What Congress approved this week was a necessary procedural step giving Republicans the power to repeal the tax and spending provisions of Obamacare, and the party demonstrated the ability to overcome some internal resistance to moving so quickly to dismantle the system enacted by President Obama and congressional Democrats.

The next step is to actually repeal Obamacare, which requires strong Republican support, and that won’t be as easy given the consequences if that law isn’t replaced by another that gives poor people some kind of healthcare. After all, over 20 million people have benefited from Obamacare, and, as House minority leader Nancy Pelosi admitted yesterday, the Democrats were far poorer at advertising their successes than at getting the bill passed in the first place.  If Republicans are simply going to take away healthcare from 20 million citizens without a replacement, they’re going to look mighty bad.

So what will their healthcare plan look like? I have no idea, but can’t imagine that it will be better than Obamacare, flawed as it was. And, although I consider myself reasonably informed on American politics—but not nearly informed as many readers here—I can’t for the life of me see any reasons why the Republicans are dismantling Obamacare save two:

1). They want to elminate an important part of Obama’s legacy, and do it as fast as possible.

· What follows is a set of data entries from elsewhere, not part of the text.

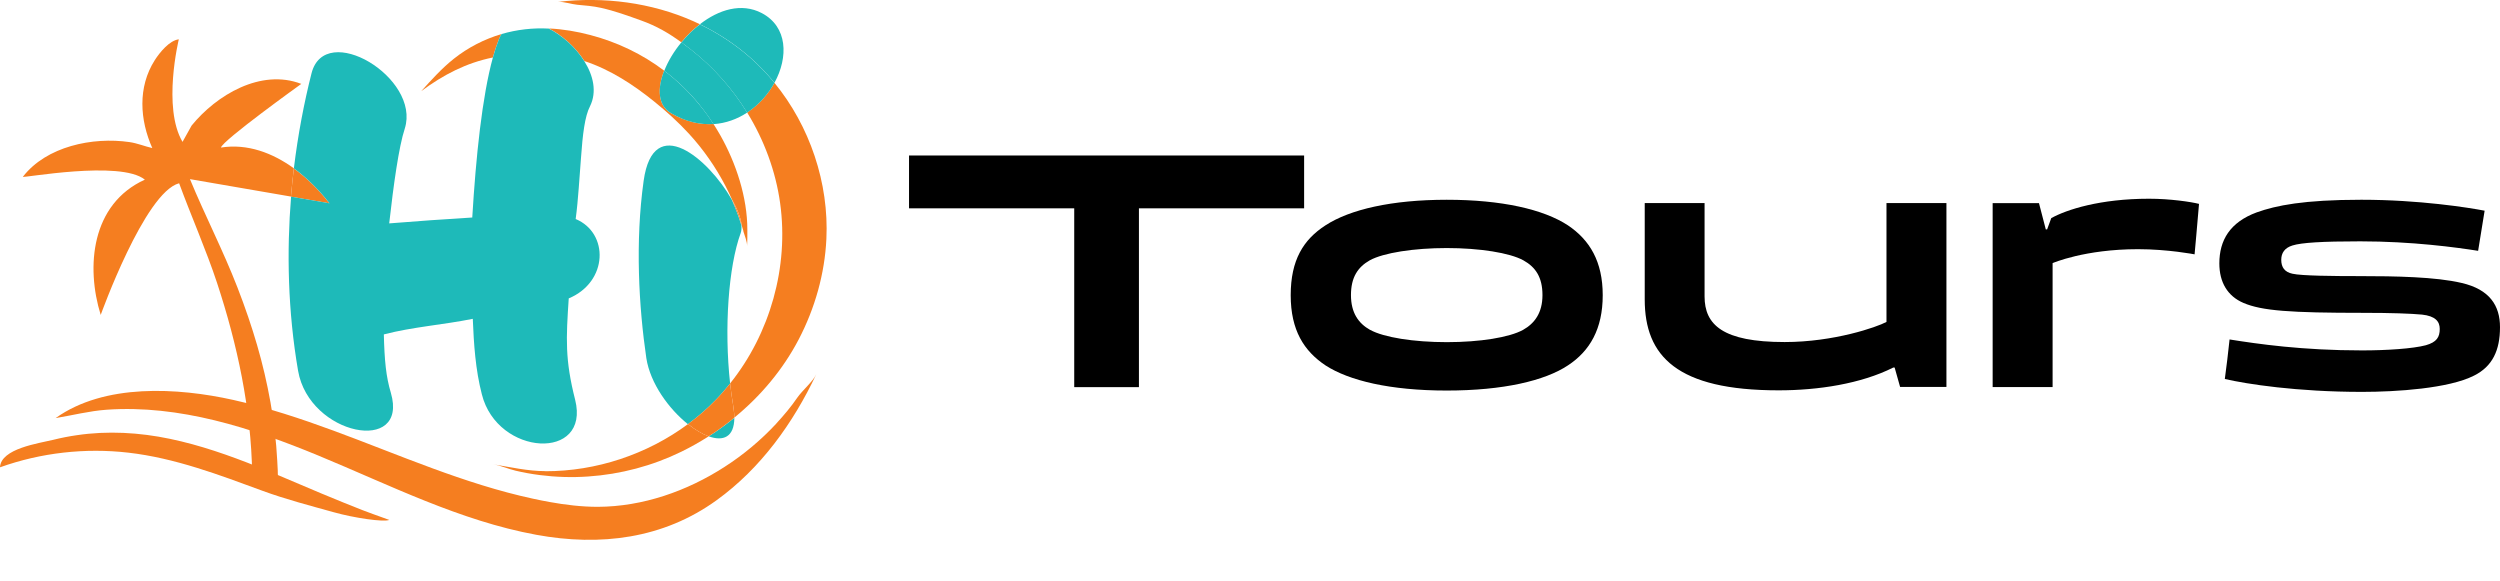 <?xml version="1.0" encoding="UTF-8"?>
<svg id="Layer_1" data-name="Layer 1" xmlns="http://www.w3.org/2000/svg" viewBox="0 0 242.29 56.28">
  <defs>
    <style>
      .cls-1 {
        fill: #1ebab9;
      }

      .cls-2 {
        fill: none;
      }

      .cls-3 {
        fill: #f57e20;
      }
    </style>
  </defs>
  <path class="cls-3" d="M44.36,56.27s-.06,0-.09.01c.03,0,.06,0,.09-.01Z"/>
  <path class="cls-3" d="M5.14,42.63c.8-.2,1.58-.35,2.29-.45,3-.45,6.08-.27,9.04.35,5.84,1.22,11.24,3.94,16.78,6.16,1.59.64,1.87.77,4.48,1.7-.56.23-3.45-.2-5.4-.75-2.22-.62-4.68-1.26-6.85-2.06-4.24-1.56-8.52-3.19-13.04-3.71-4.18-.48-8.47,0-12.44,1.42.08-1.83,3.81-2.33,5.14-2.66Z"/>
  <path class="cls-3" d="M21.41,14.31c.11-.67,7.79-6.18,7.79-6.18-3.93-1.51-8.24,1.1-10.63,4.04l-.88,1.58c-1.97-3.33-.36-9.94-.36-9.94-.91.11-1.85,1.27-2.33,2.02-1.67,2.62-1.45,5.8-.24,8.52-.74-.17-1.45-.47-2.21-.58-3.58-.52-8.06.42-10.33,3.36-.13.17,9.44-1.64,11.82.28-5.2,2.36-5.73,8.44-4.28,13.11,0,0,4.26-11.88,7.6-12.76,1.14,3.11,2.63,6.49,3.67,9.64,1.98,6.01,3.31,12.21,3.41,18.54.19.4,2.09.31,2.52.27-.04-.01-.04-.55-.04-.6-.02-.32-.03-.64-.05-.96-.05-.95-.13-1.9-.24-2.85-.22-1.88-.56-3.75-.99-5.6s-.97-3.67-1.58-5.47c-.33-.97-.68-1.93-1.05-2.88-1.38-3.56-3.14-6.96-4.6-10.49l9.79,1.69c.08-.93.17-1.84.28-2.74-2.05-1.48-4.49-2.42-7.07-2.01h0Z"/>
  <path class="cls-3" d="M28.48,16.32c-.11.9-.2,1.81-.28,2.74l3.72.64c-.93-1.21-2.11-2.41-3.45-3.38h0Z"/>
  <path class="cls-2" d="M69.81,13.12c1.53,2.72,2.62,6.02,2.62,9.15,0,.54,0,1.06-.03,1.6.03-.43-.24-1.04-.36-1.45-.06-.2-.12-.4-.18-.6.03.3.01.57-.07.78-1.19,3.24-1.61,9.22-1.02,14.57,3.87-4.84,5.7-11.3,4.85-17.45-.43-3.12-1.55-6.13-3.2-8.81-.96.63-2.06,1.04-3.26,1.12.23.36.45.72.66,1.09h-.01Z"/>
  <path class="cls-3" d="M72.04,22.41c.12.41.39,1.03.36,1.45.04-.54.03-1.06.03-1.6,0-3.14-1.09-6.44-2.62-9.15-.21-.37-.43-.73-.66-1.09-1.29.08-2.68-.22-4.12-1.05-1.28-.75-1.34-2.38-.66-4.12-2.11-1.6-4.53-2.76-7.14-3.45-1.32-.35-2.67-.58-4.03-.64,1.33.69,2.61,1.85,3.44,3.16,2.5.82,4.75,2.29,6.8,3.95,1.17.95,2.3,1.97,3.32,3.08,1.41,1.53,2.61,3.26,3.57,5.11.21.41.41.83.6,1.25.52.92.87,1.8.94,2.49.06.2.12.4.18.6h0Z"/>
  <path class="cls-3" d="M48.61,3.3c-1.67.49-3.26,1.31-4.62,2.39-1.17.93-2.17,2.04-3.16,3.14,2.13-1.58,4.36-2.74,6.94-3.26.18-.67.38-1.26.59-1.78.07-.18.16-.34.25-.49Z"/>
  <path class="cls-3" d="M75.24,41.05c-1.49,1.6-3.18,3.02-5.02,4.2-3.64,2.35-7.92,3.85-12.28,3.87-1.57,0-3.14-.19-4.69-.47-.53-.1-1.07-.2-1.6-.32-6.67-1.44-12.94-4.24-19.32-6.59-3.18-1.17-6.41-2.24-9.72-2.98-5.39-1.2-12.49-1.62-17.22,1.76,1.64-.27,3.26-.69,4.93-.81,7.08-.5,14.07,1.77,20.53,4.44,6.9,2.85,13.72,6.32,21.12,7.68,6.2,1.14,12.31.39,17.48-3.35,4.28-3.09,7.42-7.47,9.66-12.21-.34.73-1.34,1.55-1.84,2.27-.6.88-1.3,1.71-2.03,2.5h0Z"/>
  <path class="cls-3" d="M52.84,45.66c-1.69,0-3.37-.39-5.03-.66.72.12,1.45.45,2.17.62.76.18,1.54.32,2.32.42,1.56.2,3.14.25,4.7.14,3.13-.21,6.23-1.03,9.05-2.41.9-.44,1.78-.94,2.63-1.48-.63-.23-1.32-.64-2-1.19-3.97,2.94-8.9,4.58-13.84,4.57h0Z"/>
  <path class="cls-3" d="M67.83,2.35c-.2-.1-.41-.2-.62-.29C63.12.24,58.52-.34,54.08.18c.56-.03,1.32.23,1.86.28.77.07,1.54.13,2.3.3,1.34.3,2.63.77,3.91,1.23,1.48.53,2.68,1.23,3.88,2.11.53-.64,1.14-1.24,1.79-1.75h0Z"/>
  <path class="cls-3" d="M75.06,8.02c-.62,1.12-1.53,2.15-2.65,2.88,1.65,2.68,2.77,5.69,3.2,8.81.85,6.15-.97,12.61-4.85,17.45.08.73.18,1.45.3,2.15.07.44.11.83.1,1.17,2.56-2.09,4.71-4.65,6.25-7.59,1.57-3.01,2.52-6.35,2.68-9.73.26-5.41-1.6-10.94-5.04-15.14h.01Z"/>
  <path class="cls-1" d="M55.79,21.24c.26-1.92.36-4.05.52-5.97.16-2.23.36-4,.88-4.99.67-1.38.32-2.95-.56-4.35-.82-1.32-2.11-2.47-3.44-3.16-.77-.04-1.54-.02-2.31.07s-1.53.24-2.27.46c-.09.15-.18.31-.25.49-.21.52-.41,1.12-.59,1.78-1.04,3.75-1.65,9.65-2,15.51-2.6.16-5.51.36-8.05.57.42-3.74.93-7.43,1.51-9.19,1.56-4.93-7.74-10.49-9.04-5.35-.71,2.8-1.31,5.91-1.71,9.21,1.34.97,2.51,2.17,3.45,3.38l-3.72-.64c-.43,5.32-.32,11.07.68,16.88,1.09,6.28,10.75,8.15,8.99,2.13-.47-1.56-.62-3.17-.68-5.66,2.8-.73,5.76-.93,8.62-1.51.1,2.44.26,4.93.88,7.32,1.51,6.02,10.54,6.49,9.04.52-.99-3.9-.88-5.92-.62-9.82,3.84-1.61,3.9-6.34.68-7.69h0Z"/>
  <path class="cls-1" d="M71.17,40.49c-.79.65-1.62,1.25-2.48,1.8,1.39.5,2.47.09,2.48-1.8Z"/>
  <path class="cls-1" d="M69.37,38.75c.49-.5.95-1.03,1.39-1.58-.59-5.35-.16-11.33,1.02-14.57.08-.22.1-.48.07-.78-.09-.3-.19-.59-.29-.88-.19-.54-.41-1.08-.65-1.61-2.22-3.92-7.59-8.53-8.53-1.81-.83,5.92-.47,12.21.26,17.19.38,2.45,2.18,4.92,4.03,6.4.96-.71,1.86-1.49,2.69-2.35h.01Z"/>
  <path class="cls-3" d="M71.86,21.81c-.07-.69-.42-1.57-.94-2.49.23.53.45,1.06.65,1.61.1.29.2.59.29.88Z"/>
  <path class="cls-3" d="M71.06,39.32c-.12-.7-.22-1.42-.3-2.15-.44.55-.9,1.08-1.39,1.58-.83.86-1.73,1.64-2.69,2.35.68.55,1.37.96,2,1.19.86-.55,1.69-1.15,2.48-1.8,0-.34-.03-.73-.1-1.17Z"/>
  <path class="cls-1" d="M75.06,8.02c1.36-2.48,1.28-5.43-1.23-6.75-1.97-1.03-4.17-.34-6,1.08,1.78.86,3.45,1.96,4.93,3.27.83.74,1.6,1.54,2.3,2.4Z"/>
  <path class="cls-1" d="M67.8,10.17c.48.59.93,1.21,1.35,1.86,1.2-.08,2.31-.49,3.26-1.12-1.43-2.33-3.27-4.4-5.42-6.09-.32-.25-.64-.49-.95-.72-.72.87-1.3,1.83-1.66,2.76,1.26.95,2.41,2.06,3.43,3.31h-.01Z"/>
  <path class="cls-1" d="M65.03,10.97c1.43.84,2.83,1.14,4.12,1.05-.41-.64-.86-1.26-1.35-1.86-1.02-1.25-2.17-2.36-3.43-3.31-.69,1.74-.62,3.37.66,4.12Z"/>
  <path class="cls-1" d="M72.41,10.91c1.12-.73,2.03-1.76,2.65-2.88-.7-.86-1.47-1.66-2.3-2.4-1.48-1.31-3.15-2.41-4.93-3.27-.66.51-1.26,1.1-1.79,1.75.32.23.63.47.95.72,2.15,1.69,3.99,3.76,5.42,6.09h0Z"/>
  <path d="M88.1,20.19v-5.12h38.29v5.12h-16.01v17.33h-6.27v-17.33h-16.01Z"/>
  <path d="M128.46,21.84c2.38-1.55,6.44-2.48,11.75-2.48s9.37.92,11.75,2.48c2.11,1.42,3.37,3.5,3.37,6.77s-1.25,5.41-3.37,6.8c-2.24,1.49-6.27,2.44-11.75,2.44s-9.47-.96-11.75-2.44c-2.08-1.39-3.37-3.4-3.37-6.8s1.22-5.38,3.37-6.77ZM132.79,31.97c1.32.73,4.22,1.19,7.43,1.19s6.07-.46,7.39-1.19c1.12-.63,1.88-1.65,1.88-3.37s-.66-2.71-1.85-3.37c-1.32-.73-4.26-1.19-7.43-1.19s-6.14.46-7.46,1.19c-1.16.66-1.82,1.65-1.82,3.37s.73,2.74,1.85,3.37h0Z"/>
  <path d="M165.2,19.69v9.04c0,2.74,1.75,4.42,7.76,4.42,4.79,0,8.94-1.45,9.87-1.95v-11.52h5.81v17.82h-4.49l-.53-1.88h-.13c-3.14,1.58-7.29,2.21-11.12,2.21-9.84,0-12.97-3.3-12.97-8.81v-9.34h5.81-.01Z"/>
  <path d="M197.61,19.69l.66,2.54h.13l.4-1.09c1.49-.83,4.75-1.88,9.47-1.88,2.05,0,4.06.3,4.85.5-.13,1.62-.43,4.89-.43,4.89,0,0-2.57-.5-5.48-.5-5.18,0-8.28,1.35-8.28,1.35v12.01h-5.81v-17.82h4.49,0Z"/>
  <path d="M216.09,32.9c2.71.43,7,1.06,12.84,1.06,2.41,0,4.92-.17,6.17-.5,1.06-.3,1.35-.79,1.35-1.58,0-.73-.43-1.25-1.72-1.39-1.09-.1-2.94-.17-5.68-.17-7.1,0-9.84-.2-11.62-.96-1.55-.66-2.34-2.01-2.34-3.83,0-2.24,1.02-3.99,3.63-4.95,1.85-.66,4.52-1.22,10.13-1.22s10.4.76,11.95,1.06l-.63,3.89c-2.08-.33-6.4-.92-11.42-.92-3.73,0-5.71.13-6.57.4-.76.23-1.09.73-1.09,1.39,0,.73.33,1.19,1.09,1.35.86.2,3.96.23,6.44.23,3.56,0,7.43.07,9.94.66,2.74.63,3.73,2.21,3.73,4.29,0,2.24-.73,3.8-2.51,4.69-2.44,1.25-7.53,1.58-10.86,1.58-6.3,0-11.19-.76-13.3-1.25.17-1.29.33-2.54.46-3.83h0Z"/>
</svg>

2). They don’t like poor people and don’t particularly care if they have reasonably-priced access to healthcare. Their palaver about the costs of Obamacare is simply a smokescreen for their anti-poor agenda.

Some of you may poo-poo the second reason, but over the years Republicans have shown a persistent callousness toward the poor, adhering as they do to a “just world” theory that the poor deserve what they get. But as determinists we know that isn’t true: poor people are the victims of their genes and environments, not poor “choices”. This is one reason why determinism needs to be embraced by people (especially Republicans), for it breeds more empathy towards the dispossessed.

I am scared about what will happen to America within a week, and of course that will affect other nations as well. Our president will be an overgrown, emotion-ridden baby who has no idea what he’s doing; his one agenda is to puff himself up and tear down his enemies, and, I suspect, he doesn’t give a damn about what happens to America in the process.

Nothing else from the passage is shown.